Тут же выключившись из темы, все с головой окунулись в веселье. Вновь спонтанно возникший хор исполнил «Хасбулат удалой», с надрывом протяжно подвывая. Только появление съестного, поданного в огромном блюде, прервало исполнение. Приступили к трапезе с тостами и прибаутками. На этот раз чудотворная жидкость, принятая в изрядном количестве, подвигла молодежь к танцам. Сан Саныч приволок откуда-то баян и Трифон, с умением свадебного музыканта, исполнил попури из шлягеров семидесятых годов. Почему-то делая основной упор на песню Чебурашки, хрипло подпевая «Пусть бегут неуклюже, пешеходы по лужам». Девчонки, с первых аккордов ринулись в пляс, пытаясь затащить с собой кавалеров. Митьку Валя, схватив за руку рывком борца сумо, вынесла в центр и, притоптывая, закружила вокруг с дурным всхлипыванием. Дмитрий, зная, противиться бесполезно, грузно затоптался на месте, с интересом поглядывая, как захваченные животным порывом мужчины, втягиваются в ритуальный пляс, поддаваясь безудержному влечению плоти. Даже Георгич и Сан Саныч ринулись тискать девок, хихикая и охая. Напрыгавшись до пота, Митька вывалился из клубка тел и, присев в уголочке, опять с раздражением почувствовал себя лишним на празднике жизни. Радость не проникала внутрь, будто водой окатывая кожу, стекала вниз, не принося свежести и веселья. Опять захотелось одиночества, и под шумок вышел из кают-компании. На палубе остаться одному не получилось. Сюда Георгич привел пышную повариху Матрену и, для удобства прислонив к стенке, порывисто принялся мять, пытаясь путем подножки завалить на спину. Дмитрий, стараясь не испортить борьбу нанайских мальчиков, незаметно ретировался к себе в каюту и, плюхнувшись на койку, попытался заснуть. Но, видимо этот день отличался повышенным магнитным фоном или какой другой аномалией, обитателей дебаркадера потянуло на любовь. По крайней мере, так казалось по звукам, доносившимся из-за стены. И как только в дверь заскреблись, и нетрезвый голос Вали позвал, Дмитрий, не раздумывая, затащил к себе девушку.

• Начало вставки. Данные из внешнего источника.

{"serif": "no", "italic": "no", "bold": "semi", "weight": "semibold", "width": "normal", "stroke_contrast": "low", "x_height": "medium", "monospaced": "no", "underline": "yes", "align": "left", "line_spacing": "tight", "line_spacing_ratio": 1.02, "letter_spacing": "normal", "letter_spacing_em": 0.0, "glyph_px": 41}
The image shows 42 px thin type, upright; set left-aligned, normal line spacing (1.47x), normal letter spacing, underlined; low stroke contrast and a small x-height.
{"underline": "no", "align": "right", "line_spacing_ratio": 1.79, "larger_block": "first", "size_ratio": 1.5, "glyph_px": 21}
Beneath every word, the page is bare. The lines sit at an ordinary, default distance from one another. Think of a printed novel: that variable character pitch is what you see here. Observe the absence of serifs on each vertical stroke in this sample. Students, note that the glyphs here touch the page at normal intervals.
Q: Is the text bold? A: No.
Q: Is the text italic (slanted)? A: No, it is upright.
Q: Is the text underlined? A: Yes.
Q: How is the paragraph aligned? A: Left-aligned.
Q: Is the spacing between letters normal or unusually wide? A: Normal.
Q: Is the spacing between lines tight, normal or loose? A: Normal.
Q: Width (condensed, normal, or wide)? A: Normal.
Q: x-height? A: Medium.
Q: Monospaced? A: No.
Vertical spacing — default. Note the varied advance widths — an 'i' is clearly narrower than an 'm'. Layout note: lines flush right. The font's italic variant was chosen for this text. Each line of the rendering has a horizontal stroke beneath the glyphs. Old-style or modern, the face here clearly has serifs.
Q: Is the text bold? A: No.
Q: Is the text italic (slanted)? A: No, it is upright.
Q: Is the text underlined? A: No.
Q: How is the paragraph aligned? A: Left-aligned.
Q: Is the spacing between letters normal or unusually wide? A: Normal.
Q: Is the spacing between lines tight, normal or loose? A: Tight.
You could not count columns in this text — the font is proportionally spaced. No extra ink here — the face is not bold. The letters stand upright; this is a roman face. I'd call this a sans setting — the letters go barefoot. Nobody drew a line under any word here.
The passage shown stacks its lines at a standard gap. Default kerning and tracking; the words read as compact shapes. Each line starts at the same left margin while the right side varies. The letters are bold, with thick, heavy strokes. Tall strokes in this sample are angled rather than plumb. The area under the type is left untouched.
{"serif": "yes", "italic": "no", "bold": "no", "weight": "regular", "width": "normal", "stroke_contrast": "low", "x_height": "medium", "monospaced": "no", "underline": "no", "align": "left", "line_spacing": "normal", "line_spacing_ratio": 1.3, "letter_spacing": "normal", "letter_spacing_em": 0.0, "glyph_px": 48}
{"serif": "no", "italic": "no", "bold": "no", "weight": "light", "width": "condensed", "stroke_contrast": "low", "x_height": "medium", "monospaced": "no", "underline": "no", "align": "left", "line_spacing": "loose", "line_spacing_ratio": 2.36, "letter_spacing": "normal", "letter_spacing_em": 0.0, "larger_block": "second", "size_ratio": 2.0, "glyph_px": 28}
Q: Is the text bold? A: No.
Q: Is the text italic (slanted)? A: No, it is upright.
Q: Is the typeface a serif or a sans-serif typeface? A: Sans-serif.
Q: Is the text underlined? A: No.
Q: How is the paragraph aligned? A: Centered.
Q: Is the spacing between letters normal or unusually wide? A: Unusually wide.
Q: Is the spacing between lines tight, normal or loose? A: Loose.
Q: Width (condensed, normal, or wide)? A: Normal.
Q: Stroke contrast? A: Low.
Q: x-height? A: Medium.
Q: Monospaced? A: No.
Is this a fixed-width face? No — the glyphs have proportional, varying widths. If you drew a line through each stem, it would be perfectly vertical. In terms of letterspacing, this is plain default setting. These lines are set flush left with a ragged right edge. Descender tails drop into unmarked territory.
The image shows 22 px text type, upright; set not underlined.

Побудку произвел Трифон, с баяном пройдя вдоль кают, дуэтом с Георгичем исполнив в полный голос: «Нас утро встречает прохладой». День открыли купанием в обязательном порядке. Полумертвые люди, попадая в целебные объятья прохладной воды, оживали на глазах. Дмитрий, вместе со всеми принявший участие в водных процедурах, ощутил необыкновенную легкость источаемую водами волшебного озера. Будто заново родившиеся, свеженькие, все собрались в кают-компании. Георгич, прежде чем гости принялись завтракать творогом, яичницей и плюшками с чаем, огласил программу развлечений. Наступивший четверг был объявлен банным. Все мероприятия перенесли на берег, где у егерей срублена баня. Ответственными за доставку бутыли, назначили Сидорова и Николая. На попытку Дмитрия что-то сказать, Георгич отреагировал мгновенно:

– Митьку Трифон отвезет в распадок к утесу. Матрена соберет продукты на три дня. – Заметив, как заулыбался Митька, добавил: – Бытие определяет сознание. – И, постучав пальцем по бутыли башней возвышавшейся на столе, закончил: – А сознание определяет потребности. Вот и выходит, потребности определяют бытие.

Дмитрий, покачав головой, посоветовал:

– Георгич, менять тебе напиток надо. Так ты до теории относительности допьешься.

– Вот с этого и начнем. – Заявил Сан Саныч, и потянулся к бутылке.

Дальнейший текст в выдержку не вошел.